Allegedly, she had called the police for protection as she was being assaulted by a group of Black girls. The officer shot her four times within minutes of arriving at the scene, reminiscent of the erringly similar 2014 killing of 12- year-old Tamir Rice in Cleveland, Ohio as he played with a toy gun in a local park.

The prevailing view is that the solution to this epidemic of preventable fatalities is better training of police in how to do their jobs. Many believe that instruction in implicit bias, use of force, and cultural awareness are solutions to a reversal of these ongoing disasters. But race emerges as the key factor.

When White cops encounter White citizens, no matter their level of mental illness, their possession of deadly firearms, and menacing demeanors, they are likely to be apprehended with a minimum of violence or physical struggle. Somehow, police officers’ past preparation appears to be sufficient in those instances.

It is only when White officers come upon people of color, irrespective of their observed behavior, education, personal comportment, and compliant attitudes, that their propensity to respond in an unnecessarily intimidating and violent manner emerges. Race seems to trigger their behavior.

But we must be mindful of the fact that had it not been for the quick thinking and steely tenacity of 17-year-old Darnella Frazier, who filmed the street lynching of George Floyd and posted it on the Internet, there would have been no guilty verdicts and no punishment for Derek Chauvin, who displayed his depraved indifference to the suffering of Mr. Floyd and his power over a Black man, while he kneeled on his neck, with a smirk on his face.

The Minneapolis Police Department had already submitted an internal report that stated that George Floyd died from a medical emergency after they transported him to the hospital. This ‘Big Lie’ was the core of the defense used by Chauvin’s attorney to sow reasonable doubt.
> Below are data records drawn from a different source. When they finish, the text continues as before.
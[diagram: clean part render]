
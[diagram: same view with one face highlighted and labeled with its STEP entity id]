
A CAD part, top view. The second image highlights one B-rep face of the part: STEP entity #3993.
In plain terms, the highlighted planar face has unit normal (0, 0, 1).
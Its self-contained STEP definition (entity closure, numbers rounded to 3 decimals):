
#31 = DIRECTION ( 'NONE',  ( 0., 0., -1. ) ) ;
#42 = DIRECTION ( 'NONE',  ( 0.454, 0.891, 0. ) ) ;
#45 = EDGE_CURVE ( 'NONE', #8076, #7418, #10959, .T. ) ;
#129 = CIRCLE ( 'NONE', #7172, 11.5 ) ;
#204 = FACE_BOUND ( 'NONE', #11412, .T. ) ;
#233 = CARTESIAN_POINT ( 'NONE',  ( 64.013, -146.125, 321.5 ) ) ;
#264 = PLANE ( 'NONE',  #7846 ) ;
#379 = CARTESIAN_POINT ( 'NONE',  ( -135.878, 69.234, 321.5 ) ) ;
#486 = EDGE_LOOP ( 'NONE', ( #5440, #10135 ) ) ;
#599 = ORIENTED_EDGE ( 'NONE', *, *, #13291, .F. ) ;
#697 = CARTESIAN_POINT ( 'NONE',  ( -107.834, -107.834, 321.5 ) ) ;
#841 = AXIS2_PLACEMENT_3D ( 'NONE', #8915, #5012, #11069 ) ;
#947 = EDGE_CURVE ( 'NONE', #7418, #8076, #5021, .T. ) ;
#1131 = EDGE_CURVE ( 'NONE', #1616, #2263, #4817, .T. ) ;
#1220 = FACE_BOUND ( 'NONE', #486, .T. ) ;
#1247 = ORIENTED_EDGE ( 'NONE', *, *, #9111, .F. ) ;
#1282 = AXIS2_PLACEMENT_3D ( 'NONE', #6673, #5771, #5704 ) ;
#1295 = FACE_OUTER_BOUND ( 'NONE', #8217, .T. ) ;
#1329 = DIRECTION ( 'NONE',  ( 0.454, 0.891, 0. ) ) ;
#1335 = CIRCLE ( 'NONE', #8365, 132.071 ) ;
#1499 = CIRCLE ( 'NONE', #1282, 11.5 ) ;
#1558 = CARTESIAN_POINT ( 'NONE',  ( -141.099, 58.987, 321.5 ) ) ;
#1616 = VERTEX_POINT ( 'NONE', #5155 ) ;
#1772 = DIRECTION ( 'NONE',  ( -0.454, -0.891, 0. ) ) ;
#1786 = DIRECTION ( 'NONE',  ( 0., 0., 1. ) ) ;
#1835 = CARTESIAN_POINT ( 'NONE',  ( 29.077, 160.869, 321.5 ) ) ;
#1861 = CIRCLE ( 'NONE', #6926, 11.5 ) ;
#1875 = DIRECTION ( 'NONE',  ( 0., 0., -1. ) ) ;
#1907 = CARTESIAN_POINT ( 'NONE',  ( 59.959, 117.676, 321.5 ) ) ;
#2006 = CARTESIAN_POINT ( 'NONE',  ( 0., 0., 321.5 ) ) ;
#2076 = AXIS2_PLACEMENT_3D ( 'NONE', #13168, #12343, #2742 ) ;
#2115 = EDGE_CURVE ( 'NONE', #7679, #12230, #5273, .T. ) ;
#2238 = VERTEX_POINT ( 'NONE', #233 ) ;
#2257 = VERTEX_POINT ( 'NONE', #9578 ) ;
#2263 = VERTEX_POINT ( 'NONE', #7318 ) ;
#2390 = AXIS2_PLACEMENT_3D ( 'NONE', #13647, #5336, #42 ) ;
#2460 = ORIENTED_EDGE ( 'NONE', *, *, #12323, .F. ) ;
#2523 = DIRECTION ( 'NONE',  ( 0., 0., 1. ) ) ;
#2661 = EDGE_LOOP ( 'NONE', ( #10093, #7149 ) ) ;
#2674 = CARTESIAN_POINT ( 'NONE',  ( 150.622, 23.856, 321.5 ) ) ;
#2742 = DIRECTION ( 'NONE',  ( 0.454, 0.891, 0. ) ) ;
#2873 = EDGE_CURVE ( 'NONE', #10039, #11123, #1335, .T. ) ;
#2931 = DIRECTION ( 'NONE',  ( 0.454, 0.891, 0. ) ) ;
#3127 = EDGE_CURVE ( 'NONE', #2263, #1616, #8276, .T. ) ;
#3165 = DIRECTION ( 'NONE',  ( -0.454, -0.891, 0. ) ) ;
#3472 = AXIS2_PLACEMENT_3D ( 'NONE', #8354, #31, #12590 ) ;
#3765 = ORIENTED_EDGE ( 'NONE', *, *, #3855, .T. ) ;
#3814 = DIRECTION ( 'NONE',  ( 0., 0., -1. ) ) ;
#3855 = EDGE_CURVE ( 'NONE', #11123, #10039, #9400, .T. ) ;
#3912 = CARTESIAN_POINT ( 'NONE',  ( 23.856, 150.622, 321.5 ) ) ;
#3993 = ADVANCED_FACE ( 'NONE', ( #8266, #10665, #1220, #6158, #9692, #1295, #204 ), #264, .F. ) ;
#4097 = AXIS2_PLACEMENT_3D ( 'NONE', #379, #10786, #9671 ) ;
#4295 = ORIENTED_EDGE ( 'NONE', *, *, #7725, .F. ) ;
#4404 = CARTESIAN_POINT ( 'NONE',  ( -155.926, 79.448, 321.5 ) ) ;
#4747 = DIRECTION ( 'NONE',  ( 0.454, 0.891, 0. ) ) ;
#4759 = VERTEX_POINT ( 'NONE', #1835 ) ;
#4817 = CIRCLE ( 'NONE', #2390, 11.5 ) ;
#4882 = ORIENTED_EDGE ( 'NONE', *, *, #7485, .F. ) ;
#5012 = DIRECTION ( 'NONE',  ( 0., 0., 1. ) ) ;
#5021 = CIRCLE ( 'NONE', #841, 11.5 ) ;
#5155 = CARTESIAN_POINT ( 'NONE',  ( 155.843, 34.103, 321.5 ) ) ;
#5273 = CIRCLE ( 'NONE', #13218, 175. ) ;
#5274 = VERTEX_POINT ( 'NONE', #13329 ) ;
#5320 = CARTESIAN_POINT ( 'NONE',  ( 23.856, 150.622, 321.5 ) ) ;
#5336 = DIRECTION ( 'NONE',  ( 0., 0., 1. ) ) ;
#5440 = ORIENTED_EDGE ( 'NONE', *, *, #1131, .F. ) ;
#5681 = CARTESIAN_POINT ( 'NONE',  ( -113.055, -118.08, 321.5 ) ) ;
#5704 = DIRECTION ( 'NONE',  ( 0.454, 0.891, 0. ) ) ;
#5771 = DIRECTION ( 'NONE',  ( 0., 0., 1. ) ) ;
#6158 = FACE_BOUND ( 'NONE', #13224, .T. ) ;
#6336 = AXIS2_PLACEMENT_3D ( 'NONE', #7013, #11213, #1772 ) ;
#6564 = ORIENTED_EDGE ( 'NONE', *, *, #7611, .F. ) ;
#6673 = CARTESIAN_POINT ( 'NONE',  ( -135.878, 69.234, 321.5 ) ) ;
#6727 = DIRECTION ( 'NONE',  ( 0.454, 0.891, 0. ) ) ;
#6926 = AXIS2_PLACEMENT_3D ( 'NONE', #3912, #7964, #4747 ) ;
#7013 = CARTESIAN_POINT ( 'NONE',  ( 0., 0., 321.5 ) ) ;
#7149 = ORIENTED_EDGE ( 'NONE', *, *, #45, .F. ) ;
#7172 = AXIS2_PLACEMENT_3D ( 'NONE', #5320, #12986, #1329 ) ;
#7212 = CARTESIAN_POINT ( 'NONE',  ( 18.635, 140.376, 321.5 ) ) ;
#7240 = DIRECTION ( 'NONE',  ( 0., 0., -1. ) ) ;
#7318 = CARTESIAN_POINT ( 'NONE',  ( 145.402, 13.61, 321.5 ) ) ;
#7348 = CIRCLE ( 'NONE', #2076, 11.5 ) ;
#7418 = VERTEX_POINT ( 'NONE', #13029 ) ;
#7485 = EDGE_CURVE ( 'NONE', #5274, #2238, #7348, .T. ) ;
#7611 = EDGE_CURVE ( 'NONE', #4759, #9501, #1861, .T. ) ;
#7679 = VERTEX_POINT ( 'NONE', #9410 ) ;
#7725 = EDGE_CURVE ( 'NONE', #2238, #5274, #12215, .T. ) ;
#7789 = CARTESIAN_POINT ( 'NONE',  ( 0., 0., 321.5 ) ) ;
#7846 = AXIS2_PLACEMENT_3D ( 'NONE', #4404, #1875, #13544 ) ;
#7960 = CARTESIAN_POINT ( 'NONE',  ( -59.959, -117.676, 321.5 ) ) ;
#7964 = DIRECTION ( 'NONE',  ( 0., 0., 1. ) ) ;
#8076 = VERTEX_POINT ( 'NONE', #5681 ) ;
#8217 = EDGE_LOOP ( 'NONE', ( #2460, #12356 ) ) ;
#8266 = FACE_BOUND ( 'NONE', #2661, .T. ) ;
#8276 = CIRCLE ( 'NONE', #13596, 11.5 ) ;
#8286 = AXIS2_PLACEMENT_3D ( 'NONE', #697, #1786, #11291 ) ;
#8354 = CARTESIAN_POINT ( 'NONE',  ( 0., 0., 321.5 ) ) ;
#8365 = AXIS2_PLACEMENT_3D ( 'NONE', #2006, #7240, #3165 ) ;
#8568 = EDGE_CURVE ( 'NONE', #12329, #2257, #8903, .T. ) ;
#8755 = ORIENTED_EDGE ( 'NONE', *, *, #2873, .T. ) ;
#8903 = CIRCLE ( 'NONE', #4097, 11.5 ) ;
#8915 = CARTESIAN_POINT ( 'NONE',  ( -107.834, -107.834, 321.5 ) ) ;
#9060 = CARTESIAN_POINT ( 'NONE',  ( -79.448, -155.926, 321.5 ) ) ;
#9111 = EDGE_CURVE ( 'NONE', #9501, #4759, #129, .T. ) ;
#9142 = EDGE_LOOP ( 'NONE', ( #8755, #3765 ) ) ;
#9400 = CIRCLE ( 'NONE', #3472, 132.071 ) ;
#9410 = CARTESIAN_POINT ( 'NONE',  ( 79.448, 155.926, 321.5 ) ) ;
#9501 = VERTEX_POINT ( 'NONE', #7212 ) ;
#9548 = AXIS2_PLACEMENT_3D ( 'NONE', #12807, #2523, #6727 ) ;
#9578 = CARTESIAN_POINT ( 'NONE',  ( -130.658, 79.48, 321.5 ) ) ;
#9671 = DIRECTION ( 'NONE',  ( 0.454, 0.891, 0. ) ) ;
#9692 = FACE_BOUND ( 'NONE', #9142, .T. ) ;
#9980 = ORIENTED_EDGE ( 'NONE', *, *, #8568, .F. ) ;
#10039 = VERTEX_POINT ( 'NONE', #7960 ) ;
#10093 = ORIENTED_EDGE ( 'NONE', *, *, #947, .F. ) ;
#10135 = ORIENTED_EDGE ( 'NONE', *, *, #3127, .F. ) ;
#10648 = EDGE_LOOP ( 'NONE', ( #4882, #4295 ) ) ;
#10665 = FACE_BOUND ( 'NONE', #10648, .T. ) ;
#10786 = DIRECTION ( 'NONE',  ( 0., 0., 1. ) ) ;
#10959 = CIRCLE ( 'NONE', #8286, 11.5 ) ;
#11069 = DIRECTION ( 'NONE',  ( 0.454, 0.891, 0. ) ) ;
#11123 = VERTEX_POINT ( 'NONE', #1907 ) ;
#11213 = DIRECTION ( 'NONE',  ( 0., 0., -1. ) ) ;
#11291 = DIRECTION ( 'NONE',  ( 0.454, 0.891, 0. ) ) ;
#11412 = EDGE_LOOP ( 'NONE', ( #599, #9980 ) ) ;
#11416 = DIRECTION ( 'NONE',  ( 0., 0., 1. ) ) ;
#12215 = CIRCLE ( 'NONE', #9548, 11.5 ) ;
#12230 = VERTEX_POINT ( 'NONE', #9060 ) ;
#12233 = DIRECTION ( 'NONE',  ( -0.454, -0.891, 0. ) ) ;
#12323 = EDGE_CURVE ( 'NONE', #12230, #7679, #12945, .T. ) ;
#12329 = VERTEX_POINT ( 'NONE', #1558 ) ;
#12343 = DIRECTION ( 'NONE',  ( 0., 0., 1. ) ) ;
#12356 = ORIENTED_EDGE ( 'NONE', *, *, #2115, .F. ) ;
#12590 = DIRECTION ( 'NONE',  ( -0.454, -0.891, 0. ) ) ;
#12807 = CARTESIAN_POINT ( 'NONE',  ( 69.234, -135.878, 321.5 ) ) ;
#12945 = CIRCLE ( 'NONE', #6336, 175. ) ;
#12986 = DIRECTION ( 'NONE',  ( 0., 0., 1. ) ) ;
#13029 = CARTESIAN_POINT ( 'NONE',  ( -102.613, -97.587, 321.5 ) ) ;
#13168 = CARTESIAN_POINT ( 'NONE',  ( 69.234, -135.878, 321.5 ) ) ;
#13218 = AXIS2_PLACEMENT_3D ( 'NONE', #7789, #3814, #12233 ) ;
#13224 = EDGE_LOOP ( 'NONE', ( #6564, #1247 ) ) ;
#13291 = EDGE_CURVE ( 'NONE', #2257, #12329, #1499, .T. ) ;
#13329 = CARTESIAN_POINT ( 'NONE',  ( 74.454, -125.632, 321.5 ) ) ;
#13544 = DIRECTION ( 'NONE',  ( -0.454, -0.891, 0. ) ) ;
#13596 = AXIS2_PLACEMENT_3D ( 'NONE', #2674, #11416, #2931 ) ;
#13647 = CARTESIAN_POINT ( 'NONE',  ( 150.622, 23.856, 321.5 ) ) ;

Also, the killing of Daunte Wright, a 20-year-old Black male, 10 miles away in Brooklyn Center, Minnesota, at a traffic stop during the trial, likely impacted the guilty verdicts for Derek Chauvin. Officer Kim Potter shot Daunte in the chest - supposedly accidentally - while believing she was reaching for her Taser. A 26-year veteran on the Brooklyn Center police force, it is interesting that she was teaching younger officers how to be good cops during this incident.

Thus, a confluence of external factors, of which the Chauvin jury was aware, probably contributed to their decision-making. These unique realities did not occur in the other cases of White cops killing Blacks and other citizens of color. Therefore, the Chauvin convictions may be isolated outliers in a sea of police impunity from prosecution.

As a nation, Congress needs to pass The George Floyd Justice in Policing Act which would:

  • Work to End Racial & Religious Profiling,

  • Save Lives by Banning Chokeholds & No-Knock Warrants,

  • Hold Police Accountable in Court,

  • Empower the Department of Justice to Investigate Police Misconduct,

  • Change the Culture of Law Enforcement with Training to Build Integrity and Trust, and

  • Improve Transparency by Collecting Data on Police Misconduct and Use-of-Force.”

The possibility of this legislation reaching the desk of President Biden, who has committed to signing it, appears narrow at this time, and there is still much work to do in bringing a deeply polarized nation together.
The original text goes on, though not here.